Traditionally, filling the sales pipeline with hot prospects was done by knocking on doors and doing some good old-fashioned networking. Then, as the ubiquity of phones increased, office-based lead generation became popular. Now, social media sites such as Twitter are offering a new and different avenue for salespeople to find their prospects.

Unfortunately, where many have tried, few have succeeded. Not many salespeople have an effective way of generating prospects from the powerful tool that is Twitter. Hordes of sales professionals have tried to use the sites in all manner of inappropriate ways to generate sales directly, only to be pegged back and left frustrated.

Unlike any of the traditional lead generation methods, Twitter offers something unique: the opportunity to connect with prospects on a personal level before doing so on a business level. This makes the tool, when used correctly, one of the greatest ways to source leads, as it flips the sales game on its head. That, however, begs the question: how should a salesperson use Twitter?

Quality over quantity

As many fallen soldiers in the Twitter graveyard of salespeople will tell you, focusing a lot of time and effort on getting thousands of followers will result in no sales and a loss of faith in social media.
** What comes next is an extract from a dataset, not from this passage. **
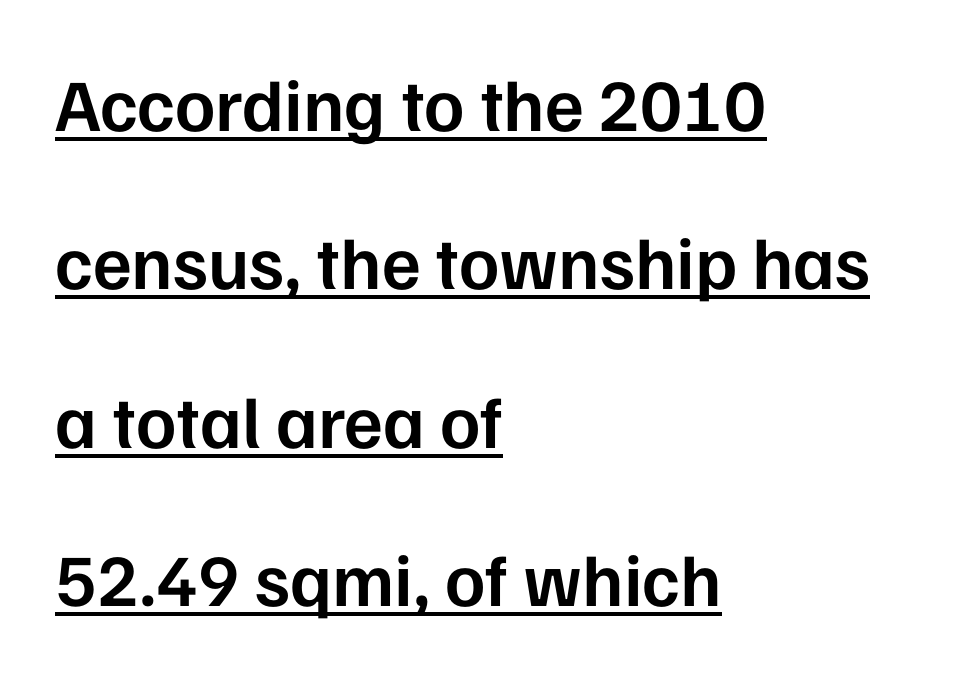
{"serif": "no", "italic": "no", "bold": "semi", "weight": "semibold", "width": "normal", "stroke_contrast": "low", "x_height": "medium", "monospaced": "no", "underline": "yes", "align": "left", "line_spacing": "loose", "line_spacing_ratio": 2.14, "letter_spacing": "normal", "letter_spacing_em": 0.0, "glyph_px": 74}

A common mistake made way too often is not being careful to generate quality leads that are easy to convert into sales. Those following you on twitter are NOT leads. Not just yet, anyway.

The first important rule of using Twitter is to always remember that we’re trying to generate interest from your followers, not just trying to gain the largest number of them.

How can you do this? Well, you need to start by attracting the right kind of people as followers. Instead of rushing to grow your number of followers on Twitter, you’ll be better off placing more emphasis on how to attract the right kind of people. 50 highly targeted followers will always be much more useful than 500 randomly chosen followers.

One great way is to find accounts that your prospects are likely to be following. Pay attention to the tweets of magazines and news sites, which are followed by specific sets of people with similar interests. As soon as someone replies to one of their tweets, you can respond to them and, in turn, start up a conversation.

Alternatively, you could tweet a question or controversial opinion on one of the tweets, follow the magazine or news site’s followers and hope that someone picks up what you’ve said and replies.

You should also talk prospects on a personal level before promoting business at all. Find people that you have something in common with: a sport, a hobby… anything. Common ground is key to any good relationship. Reply to one of their most recent tweets about last night’s game, for example, and start up a conversation that way. Reply to some of their other tweets thereafter and then, when the time is right, direct message them to ask if they’re on LinkedIn or to ask about what they do before you pitch yourself.

The main lesson here is this: Jesus only had 12 followers to start with because he chose quality over quantity. Now he has billions.

Pleasure before business

Just like parties, Twitter is a social gathering opportunity, so the same rules apply. You wouldn’t attend a friends’ party and spend the whole evening advertising your new business and directing all conversation in that direction. People will just start avoiding you, even if they might be a perfect fit for your business and interested in what you have to offer.

The right way to promote yourself in a social environment is to get friendly with the people around you. You should use your Twitter profile in the same way you use your clothes: to let people know the kind of person you are from a distance. After all, it’s the first thing people will pay attention to when your comments and activity on Twitter attract their attention. Use hashtags in your bio to increase your chances of being found by the right people, but mention your business last – this way you won’t look like you take yourself too seriously, and will open the door for people to approach you.

The bottom line is that your profile is the only way to initially advertise yourself without talking to anybody, and, much like at a party, you never know who’s looking.

Open up about problems

The way to attract attention and bag the right kind of prospects is to focus your tweets on problems and solutions that are related to what you’re selling. If you can further peg those tweets on current affairs then you will always have an edge. For instance, if your business sells personal security products then focus your updates on personal security concerns without mentioning your product. Give out tips and secrets that people can use and establish yourself as an expert in the field in the eyes of your potential prospects. Answer questions and generally be as helpful as you possibly can.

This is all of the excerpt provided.